6 delicious traditional foods to try in Argentina
There are all kinds of travelers. Those who seek adventure, others who love sightseeing. And then there are the foodies! Foodie travelers, incited from their taste buds, choose to explore the culture of each country through their traditional flavors. This time, our palate will travel all the way into the secrets of Argentinian cuisine. Inspired by European cuisine, with Spanish, Italian and French influences, Argentinian food has a distinctive Mediterranean flavor. Particularly known as a meat and especially beef country, Argentina serves a variety of carnivore recipes. Succulent meats, hearty stews, spicy sausages, drool-worthy desserts, and a blooming street food scene, are just a sample of what you should expect. Here are 6 delicious traditional foods to try in Argentina:
Traditionally served to commemorate Argentina’s May Revolution on May 25 but also as a cure for the cold winters, locro is considered a national dish. It’s about a thick, hearty soup made from a combination of corn, beans, potatoes and/or squash and some form of meat, seasoned with cumin and bay leaf. Usually, it’s served with a splash of chimichurri, a typical hot sauce made from paprika, onions, chili, garlic, parsley and other herbs smothered in olive oil.
Asado & parrillas
Asado isn’t really the name of a particular dish but it’s mostly used to describe the traditional event of the Argentinian barbecue, largely common between families and friends in the weekends. It’s also used to describe the method of grilling. Asado’s meat parade consists of heaping platters with appetizers, chorizo and morcilla (Argentinian sausages) and meat galore, placed on parrillas (Argentinian word for a grill) and cooked low and slow until they fall apart into delicious tenderness.
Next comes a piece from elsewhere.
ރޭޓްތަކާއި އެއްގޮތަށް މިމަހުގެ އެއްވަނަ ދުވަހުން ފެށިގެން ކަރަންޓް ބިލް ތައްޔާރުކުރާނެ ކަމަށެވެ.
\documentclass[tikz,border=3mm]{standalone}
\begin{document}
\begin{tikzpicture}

This is the Argentinian hot-dog. Named out of its ingredients which are chorizo and pan (bread), Choripan is one more proud example of Argentina’s street food scene. Cheap and delicious regardless its simplicity, it’s topped with fresh and spicy chimichurri.
Dulce de leche
Don’t you feel like you need something sweet now? Dulce de Leche is nothing more than sweetened milk cooked in low heat until it’s caramelized. For Argentinians, it is the go-to ingredient to top, fill or accompany almost any other kind of dessert. But with no arguments, the most popular use of this sweet and sticky confection, is the South American version of the Italian gelato, the so-called, Dulce de Leche Helado. Creamy, smooth with rich caramel flavor and aroma, exactly what you need to wash down all the above finger-licking meat dishes.
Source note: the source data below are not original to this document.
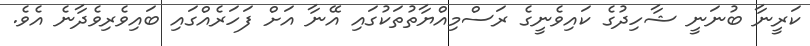
ކަރީނާ ބުނަނީ ޝާހިދުގެ ކައިވެނީގެ ރަސްމިއްޔާތުތަކުގައި އޭނާ އަށް ފަހަރެއްގައި ބައިވެރިވެދާނެ އެވެ.
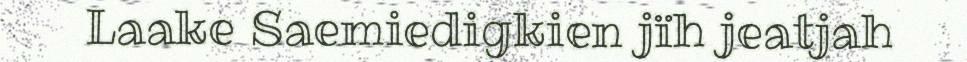
Laake Saemiedigkien jïh jeatjah
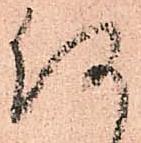
何
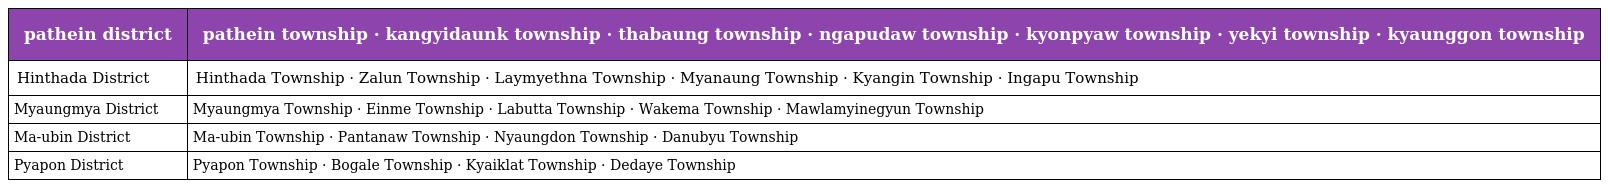
| pathein district | pathein township · kangyidaunk township · thabaung township · ngapudaw township · kyonpyaw township · yekyi township · kyaunggon township |
 | --- | --- |
 | Hinthada District | Hinthada Township · Zalun Township · Laymyethna Township · Myanaung Township · Kyangin Township · Ingapu Township |
 | Myaungmya District | Myaungmya Township · Einme Township · Labutta Township · Wakema Township · Mawlamyinegyun Township |
 | Ma-ubin District | Ma-ubin Township · Pantanaw Township · Nyaungdon Township · Danubyu Township |
 | Pyapon District | Pyapon Township · Bogale Township · Kyaiklat Township · Dedaye Township |
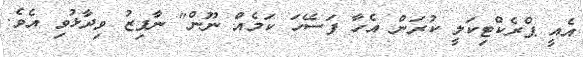
އެއީ ޕްރެކްޓިކަލީ ކުރަން އެހާ ފަސޭހަ ކަމެއް ނޫން" ނާފިޒު ވިދާޅުވި އެވެ.
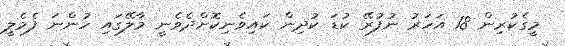
މީގެކުރިން 18 އަހަރު ނުފުރޭ ކުޑަ ކުދިން ކައިވެނިކޮށްދެވެނީ މާލޭގައި ހުންނަ ފެމެލީ
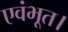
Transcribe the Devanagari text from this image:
एवंभूत।
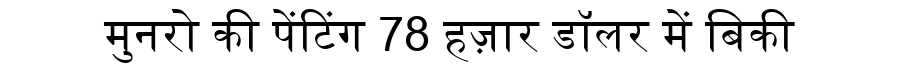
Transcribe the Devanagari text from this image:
मुनरो की पेंटिंग 78 हज़ार डॉलर में बिकी
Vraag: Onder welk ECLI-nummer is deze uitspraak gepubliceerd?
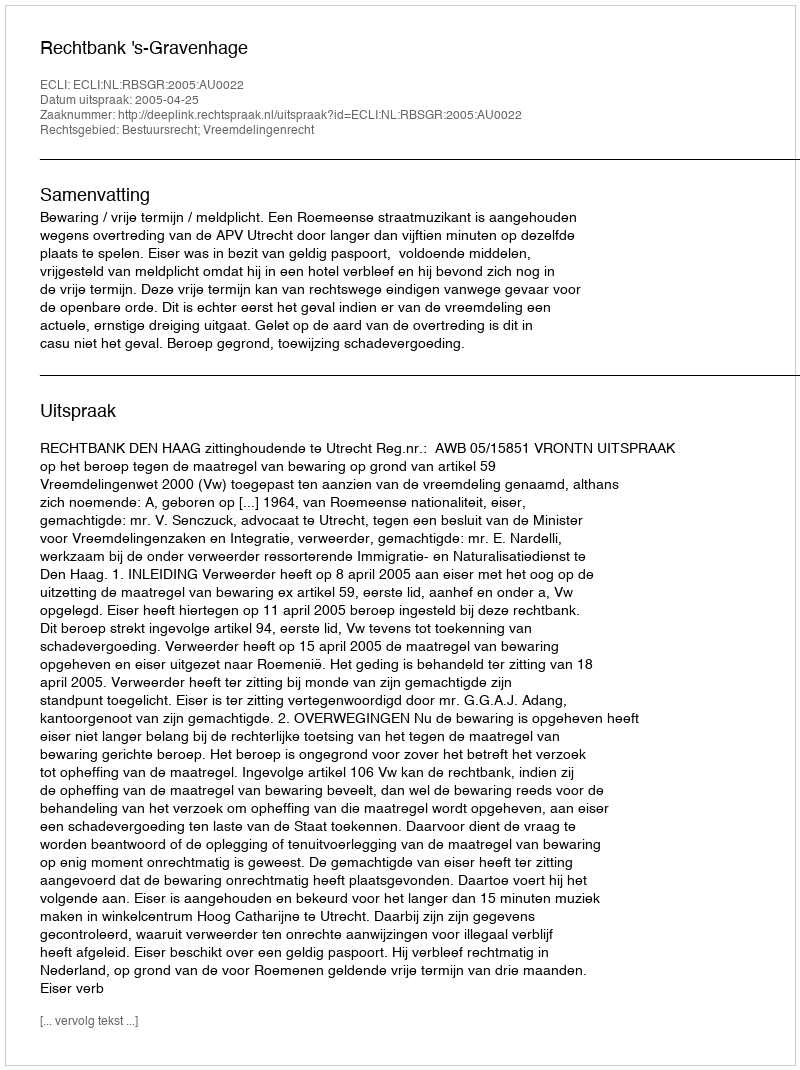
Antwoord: ECLI:NL:RBSGR:2005:AU0022
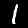
Label: 1
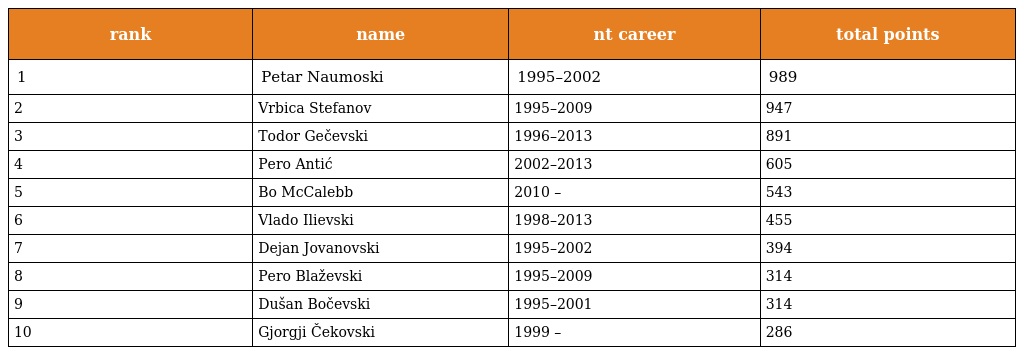
| rank | name | nt career | total points |
 | --- | --- | --- | --- |
 | 1 | Petar Naumoski | 1995–2002 | 989 |
 | 2 | Vrbica Stefanov | 1995–2009 | 947 |
 | 3 | Todor Gečevski | 1996–2013 | 891 |
 | 4 | Pero Antić | 2002–2013 | 605 |
 | 5 | Bo McCalebb | 2010 – | 543 |
 | 6 | Vlado Ilievski | 1998–2013 | 455 |
 | 7 | Dejan Jovanovski | 1995–2002 | 394 |
 | 8 | Pero Blaževski | 1995–2009 | 314 |
 | 9 | Dušan Bočevski | 1995–2001 | 314 |
 | 10 | Gjorgji Čekovski | 1999 – | 286 |
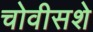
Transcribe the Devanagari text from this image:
चोवीसशे
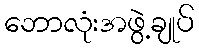
ဘောလုံးအဖွဲ့ချုပ်
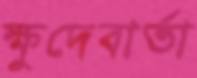
ক্ষুদেবার্তা
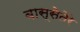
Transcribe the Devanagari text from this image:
बास्सेतेरे
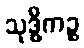
သုဒ္ဓိကဉ္စ
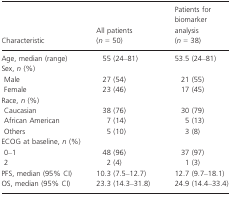
<table><thead><tr><td><b>Characteristic</b></td><td><b>All patients (<i>n</i> = 50)</b></td><td><b>Patients for biomarker analysis (<i>n</i> = 38)</b></td></tr></thead><tbody><tr><td>Age, median (range)</td><td>55 (24–81)</td><td>53.5 (24–81)</td></tr><tr><td colspan="3">Sex, <i>n</i> (%)</td></tr><tr><td>Male</td><td>27 (54)</td><td>21 (55)</td></tr><tr><td>Female</td><td>23 (46)</td><td>17 (45)</td></tr><tr><td colspan="3">Race, <i>n</i> (%)</td></tr><tr><td>Caucasian</td><td>38 (76)</td><td>30 (79)</td></tr><tr><td>African American</td><td>7 (14)</td><td>5 (13)</td></tr><tr><td>Others</td><td>5 (10)</td><td>3 (8)</td></tr><tr><td colspan="3">ECOG at baseline, <i>n</i> (%)</td></tr><tr><td>0–1</td><td>48 (96)</td><td>37 (97)</td></tr><tr><td>2</td><td>2 (4)</td><td>1 (3)</td></tr><tr><td>PFS, median (95% CI)</td><td>10.3 (7.5–12.7)</td><td>12.7 (9.7–18.1)</td></tr><tr><td>OS, median (95% CI)</td><td>23.3 (14.3–31.8)</td><td>24.9 (14.4–33.4)</td></tr></tbody></table>
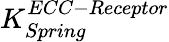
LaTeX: K_{Spring}^{ECC-Receptor}
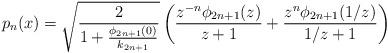
LaTeX: \begin{align*}p_n(x)=\sqrt{\frac2{1+\frac{\phi_{2n+1}(0)}{k_{2n+1}}}}\left(\frac{z^{-n}\phi_{2n+1}(z)}{z+1} + \frac{z^n\phi_{2n+1}(1/z)}{1/z+1}\right)\end{align*}
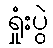
ရှုံးပွဲ
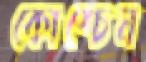
কোশ্চেন
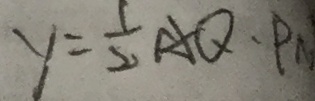
y = \frac { 1 } { 2 } A Q \cdot P N

Known to the rest of the world as escalope or schnitzel, milanesa is another Argentinian dish with Italian influence, often served for lunch. Made from pounded beef or chicken, covered with breadcrumbs, you can try it fried or baked. The variety of toppings is what makes this dish special, ranging between fried eggs, cheese, ham and tomato sauce, served with fries and/or salad.
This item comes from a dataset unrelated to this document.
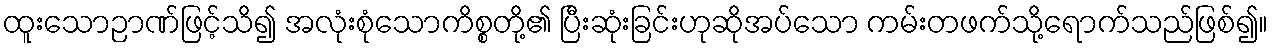
ထူးသောဉာဏ်ဖြင့်သိ၍ အလုံးစုံသောကိစ္စတို့၏ ပြီးဆုံးခြင်းဟုဆိုအပ်သော ကမ်းတဖက်သို့ရောက်သည်ဖြစ်၍။
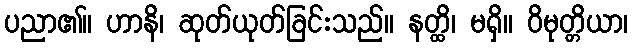
ပညာ၏။ ဟာနိ၊ ဆုတ်ယုတ်ခြင်းသည်။ နတ္ထိ၊ မရှိ။ ဝိမုတ္တိယာ၊

If you are a cheese lover, then you definitely have to try Provoleta. It’s simply a thick, round slice of provolone cheese put straight on the grill in a skillet until it turns into a gooey goodness with a slightly crisp and browned top on the outside. Drizzled with olive oil and sprinkled with oregano and red crushed pepper is usually served as an appetizer to an Argentinian asado.